Kaci didn't think long about the offer and said, "Really, you would do that? Cool." The excitement of being close to him, smelling his scent was palpable. Her palms began to sweat.
"Yes, let's go," said Mr. Jackson. No one in Llano drove a car like his. It was a box on wheels. Most everybody else drove pick-ups and 4-wheel drive flatbeds with headache racks. Some had wenches on the front bumpers. Most all had hay, t-posts, barbed wire and a dog in the back. Mr. Jackson had a pine tree hanging from his rear-view mirror. He had a stack of books in the back seat.
As Kaci got in she noticed it right away. The car didn't smell like a pine tree at all. It had a different aroma. A staleness of smoke and weed. In the ashtray were the remnants of a joint. Kaci had never smoked weed but she knew what it smelled like. She had smelled it be for when she gathered at the river with her friends. It wasn't something that captured her imagination. She declined all offers for a toke from her friends.
Mr. Jackson noticed Kaci saw the joint in the ashtray but made no attempt to hide it. He simply said, "It helps me relax." Kaci nodded in understanding. She watched how difficult it was to manage the students in the yearbook class. She might smoke weed too if she had to put up with some of the knotheads put in the class by the counselors.

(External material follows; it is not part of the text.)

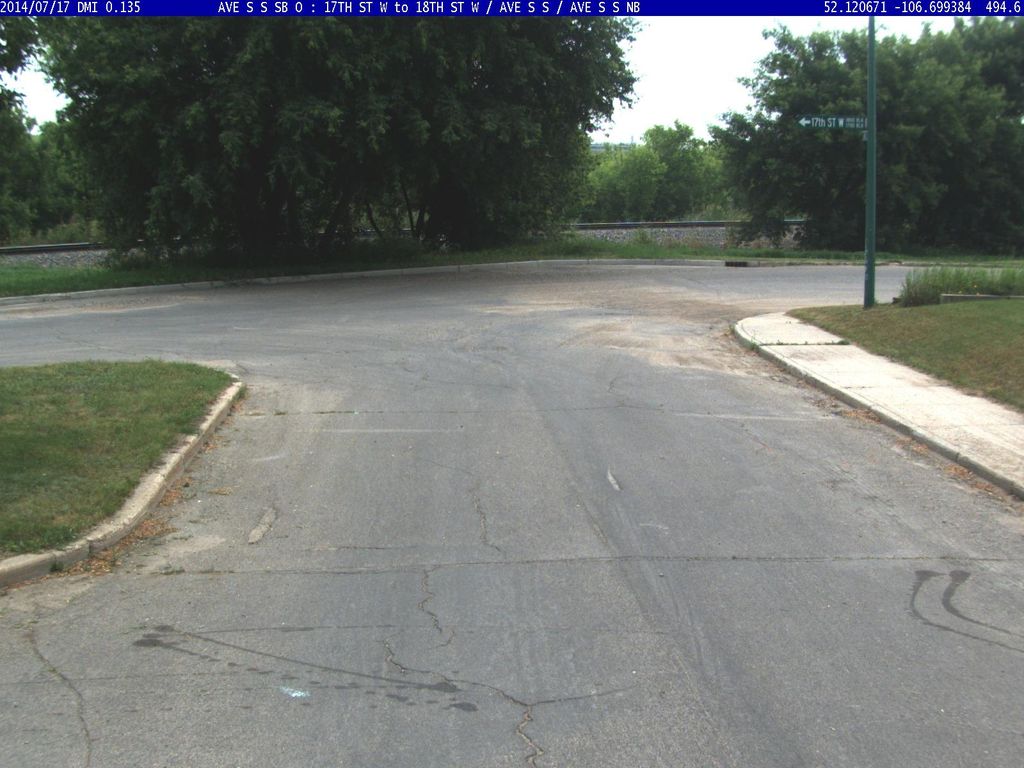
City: saskatoon

"Have you ever tried it," asked Mr. Jackson. "No," she said, "but its cool, I don't care if people smoke dope." Mr. Jackson smiled. He appreciated her non-judgmental outlook. Mr. Jackson said "Do you mind?" as he reached for the joint. "Nope," she said as he pulled it to his lips and lit the end and took a big drag. He closed his eyes, held his breathe and leaned back in his seat. Another day was over.
When Mr. Jackson exhaled smoke filled the car. Kaci inhaled, then coughed. And laughed.